MURADIF DAN MUSYTARAK

PEMBAHASAN 
MURADHIF DAN MUSYTARAK

1.    Muradhif

 Lafal Muradhif adalah lafal yang hanya mempunyai satu makna

Jumhur ulama menyatakan bahwa mendudukkan dua muradhif pada tempat yang lain diperbolehkan selama hal itu tidak dicegah oleh syara’. Kaidah para Jumhur ulama sebagai beriku:

ايقاع كل من المرادفين مكان الاخر يجوز اذا لم يقم عليه طالع شرعي

                  Artinya:    Mendudukkan dua muradhif itu pada tempat yang sama itu diperbolehkan jika tidak ditetapkan oleh syara’.

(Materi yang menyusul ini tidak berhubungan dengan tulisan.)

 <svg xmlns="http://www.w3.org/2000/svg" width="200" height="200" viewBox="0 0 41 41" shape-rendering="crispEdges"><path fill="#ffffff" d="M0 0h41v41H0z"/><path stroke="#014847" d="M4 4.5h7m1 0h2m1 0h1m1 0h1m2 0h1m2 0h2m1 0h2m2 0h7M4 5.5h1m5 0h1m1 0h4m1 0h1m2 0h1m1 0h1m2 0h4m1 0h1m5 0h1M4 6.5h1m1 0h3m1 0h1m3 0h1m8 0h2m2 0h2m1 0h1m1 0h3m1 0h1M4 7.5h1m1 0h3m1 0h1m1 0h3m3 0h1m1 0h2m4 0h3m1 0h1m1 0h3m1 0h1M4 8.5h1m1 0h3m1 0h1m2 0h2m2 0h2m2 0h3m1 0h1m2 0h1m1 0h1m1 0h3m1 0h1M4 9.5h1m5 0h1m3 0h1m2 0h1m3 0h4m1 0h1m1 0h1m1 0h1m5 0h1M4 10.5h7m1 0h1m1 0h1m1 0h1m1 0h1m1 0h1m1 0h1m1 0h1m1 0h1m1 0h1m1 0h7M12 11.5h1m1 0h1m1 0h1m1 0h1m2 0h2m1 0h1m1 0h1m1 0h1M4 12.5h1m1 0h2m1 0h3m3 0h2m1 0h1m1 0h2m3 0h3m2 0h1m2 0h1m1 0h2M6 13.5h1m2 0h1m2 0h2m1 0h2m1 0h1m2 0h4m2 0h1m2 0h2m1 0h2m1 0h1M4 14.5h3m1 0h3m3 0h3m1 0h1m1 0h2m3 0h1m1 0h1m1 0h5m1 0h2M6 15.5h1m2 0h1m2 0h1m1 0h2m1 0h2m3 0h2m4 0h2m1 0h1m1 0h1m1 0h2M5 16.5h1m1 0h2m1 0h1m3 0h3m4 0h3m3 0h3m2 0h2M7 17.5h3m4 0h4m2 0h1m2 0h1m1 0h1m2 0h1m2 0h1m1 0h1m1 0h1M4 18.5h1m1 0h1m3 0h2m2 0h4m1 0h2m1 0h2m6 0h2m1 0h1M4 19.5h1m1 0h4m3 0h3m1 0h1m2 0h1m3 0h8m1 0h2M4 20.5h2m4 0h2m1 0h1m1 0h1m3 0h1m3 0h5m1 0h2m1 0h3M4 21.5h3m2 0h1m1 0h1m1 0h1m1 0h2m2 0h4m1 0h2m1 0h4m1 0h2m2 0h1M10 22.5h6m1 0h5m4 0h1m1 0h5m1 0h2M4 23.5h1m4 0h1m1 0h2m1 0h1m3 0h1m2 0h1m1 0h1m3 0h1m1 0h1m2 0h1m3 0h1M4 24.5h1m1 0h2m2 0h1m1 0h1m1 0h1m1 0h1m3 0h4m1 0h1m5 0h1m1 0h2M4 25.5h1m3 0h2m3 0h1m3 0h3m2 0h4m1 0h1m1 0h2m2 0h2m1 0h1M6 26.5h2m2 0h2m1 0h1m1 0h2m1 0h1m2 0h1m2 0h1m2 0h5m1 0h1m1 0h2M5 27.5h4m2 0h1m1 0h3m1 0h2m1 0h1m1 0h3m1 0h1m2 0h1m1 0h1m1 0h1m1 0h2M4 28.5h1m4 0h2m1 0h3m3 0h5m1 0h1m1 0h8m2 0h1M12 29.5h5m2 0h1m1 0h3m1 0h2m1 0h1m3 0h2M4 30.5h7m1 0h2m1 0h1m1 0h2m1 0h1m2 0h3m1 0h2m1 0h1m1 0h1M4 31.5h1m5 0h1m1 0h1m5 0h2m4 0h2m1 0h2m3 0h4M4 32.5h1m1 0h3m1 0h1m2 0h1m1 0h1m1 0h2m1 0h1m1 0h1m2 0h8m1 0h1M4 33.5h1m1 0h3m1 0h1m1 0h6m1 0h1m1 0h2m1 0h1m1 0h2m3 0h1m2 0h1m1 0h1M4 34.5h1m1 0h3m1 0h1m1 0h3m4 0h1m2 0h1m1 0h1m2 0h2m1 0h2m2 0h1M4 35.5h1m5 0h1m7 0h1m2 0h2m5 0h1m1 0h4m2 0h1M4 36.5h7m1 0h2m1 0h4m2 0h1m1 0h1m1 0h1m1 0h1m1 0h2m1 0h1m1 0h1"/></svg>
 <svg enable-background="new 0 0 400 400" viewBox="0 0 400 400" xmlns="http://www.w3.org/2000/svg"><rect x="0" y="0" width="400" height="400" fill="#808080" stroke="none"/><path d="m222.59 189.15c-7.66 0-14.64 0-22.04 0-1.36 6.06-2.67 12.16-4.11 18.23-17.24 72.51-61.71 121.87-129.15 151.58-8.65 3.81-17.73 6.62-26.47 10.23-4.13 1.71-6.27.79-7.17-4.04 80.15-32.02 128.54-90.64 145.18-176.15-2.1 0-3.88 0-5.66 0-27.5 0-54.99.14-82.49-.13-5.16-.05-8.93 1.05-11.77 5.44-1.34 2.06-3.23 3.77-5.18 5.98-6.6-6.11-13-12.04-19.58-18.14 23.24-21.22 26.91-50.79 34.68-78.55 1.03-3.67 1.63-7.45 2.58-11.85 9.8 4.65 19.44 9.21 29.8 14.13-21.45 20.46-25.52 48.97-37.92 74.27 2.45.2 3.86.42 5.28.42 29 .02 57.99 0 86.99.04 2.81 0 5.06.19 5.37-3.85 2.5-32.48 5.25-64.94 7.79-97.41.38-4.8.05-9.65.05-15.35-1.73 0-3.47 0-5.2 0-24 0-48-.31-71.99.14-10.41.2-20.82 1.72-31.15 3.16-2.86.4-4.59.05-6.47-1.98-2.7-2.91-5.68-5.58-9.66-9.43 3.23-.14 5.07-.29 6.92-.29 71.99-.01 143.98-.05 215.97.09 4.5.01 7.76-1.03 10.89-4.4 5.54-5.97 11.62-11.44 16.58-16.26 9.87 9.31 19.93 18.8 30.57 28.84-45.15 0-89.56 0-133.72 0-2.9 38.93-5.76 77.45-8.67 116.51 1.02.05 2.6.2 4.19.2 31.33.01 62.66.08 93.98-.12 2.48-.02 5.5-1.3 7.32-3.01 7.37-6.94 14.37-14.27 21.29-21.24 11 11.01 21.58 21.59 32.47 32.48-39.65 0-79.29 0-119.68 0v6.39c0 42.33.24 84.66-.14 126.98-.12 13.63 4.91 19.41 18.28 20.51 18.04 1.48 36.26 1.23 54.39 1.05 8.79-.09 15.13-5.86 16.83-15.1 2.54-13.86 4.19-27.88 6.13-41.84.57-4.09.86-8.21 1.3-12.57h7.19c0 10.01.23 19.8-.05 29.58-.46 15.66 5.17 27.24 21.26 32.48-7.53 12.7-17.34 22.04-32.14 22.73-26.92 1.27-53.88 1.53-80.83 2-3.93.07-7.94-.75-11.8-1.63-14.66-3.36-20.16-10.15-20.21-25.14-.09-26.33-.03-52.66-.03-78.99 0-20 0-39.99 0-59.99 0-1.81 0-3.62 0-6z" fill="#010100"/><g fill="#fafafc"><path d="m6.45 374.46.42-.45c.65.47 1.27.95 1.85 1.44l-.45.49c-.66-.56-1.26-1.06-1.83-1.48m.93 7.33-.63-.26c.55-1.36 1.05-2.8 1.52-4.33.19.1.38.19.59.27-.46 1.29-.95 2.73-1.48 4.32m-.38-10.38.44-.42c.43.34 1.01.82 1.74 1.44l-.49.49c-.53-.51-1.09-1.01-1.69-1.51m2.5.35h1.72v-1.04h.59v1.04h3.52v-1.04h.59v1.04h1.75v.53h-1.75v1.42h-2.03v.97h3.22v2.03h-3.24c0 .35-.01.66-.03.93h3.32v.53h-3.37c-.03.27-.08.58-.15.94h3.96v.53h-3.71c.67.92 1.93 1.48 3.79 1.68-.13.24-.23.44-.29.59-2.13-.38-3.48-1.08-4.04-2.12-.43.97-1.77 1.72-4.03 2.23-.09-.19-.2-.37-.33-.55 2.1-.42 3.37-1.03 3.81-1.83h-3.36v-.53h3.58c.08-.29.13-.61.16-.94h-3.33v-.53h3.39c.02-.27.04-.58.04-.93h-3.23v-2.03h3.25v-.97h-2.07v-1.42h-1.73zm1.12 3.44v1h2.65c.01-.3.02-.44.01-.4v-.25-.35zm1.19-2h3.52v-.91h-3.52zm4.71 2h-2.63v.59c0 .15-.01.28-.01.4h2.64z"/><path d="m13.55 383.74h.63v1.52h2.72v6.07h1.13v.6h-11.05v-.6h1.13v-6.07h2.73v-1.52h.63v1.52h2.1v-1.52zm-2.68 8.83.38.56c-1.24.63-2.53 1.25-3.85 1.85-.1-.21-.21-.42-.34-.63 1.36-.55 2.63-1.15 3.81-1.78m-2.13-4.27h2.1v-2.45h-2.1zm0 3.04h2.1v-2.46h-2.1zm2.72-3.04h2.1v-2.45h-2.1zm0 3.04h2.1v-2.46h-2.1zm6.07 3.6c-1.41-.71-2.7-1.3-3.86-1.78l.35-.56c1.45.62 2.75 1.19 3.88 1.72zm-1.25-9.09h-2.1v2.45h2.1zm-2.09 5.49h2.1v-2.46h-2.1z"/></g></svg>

Al-Qu’ran semenjak di turunkanNya hingga datangnya hari Akhir senantiasa terjaga sebagaimana pertama diturunkan-nya, tidak pernah ada ralat, tidak perlu dikritisi, tidak memerlukan edisi revisi, ataupun pengurangan kosakata, begitu sangat sempurna, Dia-lah Allah yang akan menjaga keutuhannya sepanjang masa, yang telah menurunkan-nya juga kepada Nabinya Muhammad Shalallahu Alaihi Wasallam melalui delegasi terpercanya Malaikat Jibril Alaihi-Salam. Maka karena itu tidak diperbolehkan mengubahnya. Namun dalam lafal ibadah seperti takbir shalat, Malikiyah berpendapat dan menyatakan bahwa takbir dalam shalat tidak diperbolehkan kecuali kaliamat “Allahu Akbar”, sedang Imam Syafi’i hanya memperbolehkan “Allahu Akbar” atau “Allahul Akbar” sedangkan Abu Hanifah memperbolekan semua lafal yang semisal dengannya, misalnya kalimat ”Allahul A’djom”,  “Allahul Ajal” dan sebagainya.

Hukum Muradhif

Menurut jumhur ulama meletakkan lafal muradif di tempat lafal lainnya, diperbolehkan apabila tidak ada halangan dari syara’. Pendapat lain mengatakan bahwa diperbolehkan asal masih satu bahasa. Tentang lafal Qur’an tidak ada perbedaan pendapat lagi bahwa kita harus membaca lafal-lafal itu sendiri.

2.    Musytarak

Kata Musytarak adalah bentuk mashdar yang berasal dari kata kerja اشترك yang berarti “bersekutu” seperti dalam ungkapan اشترك القوم yang berarti “kaum itu bersekutu”. Dari pengertian bahasa ini selanjutnya para ulama ushul merumuskan pengertian musytarak menurut istilah. Adapun definisi yang diketengahkan oleh para ulama’ ushul adalah anatara lain:

اللفظ الواحد الدال على معنيين مختلفين اواكثر دلالة على السوأ عند اهل تلك اللغ

                  Artinya: “Satu lafadz (kata) yang menunjukkan lebih dari satu makna yang berbeda, dengan penunjukan yang sama menurut orang ahli dalam bahasa tersebut ”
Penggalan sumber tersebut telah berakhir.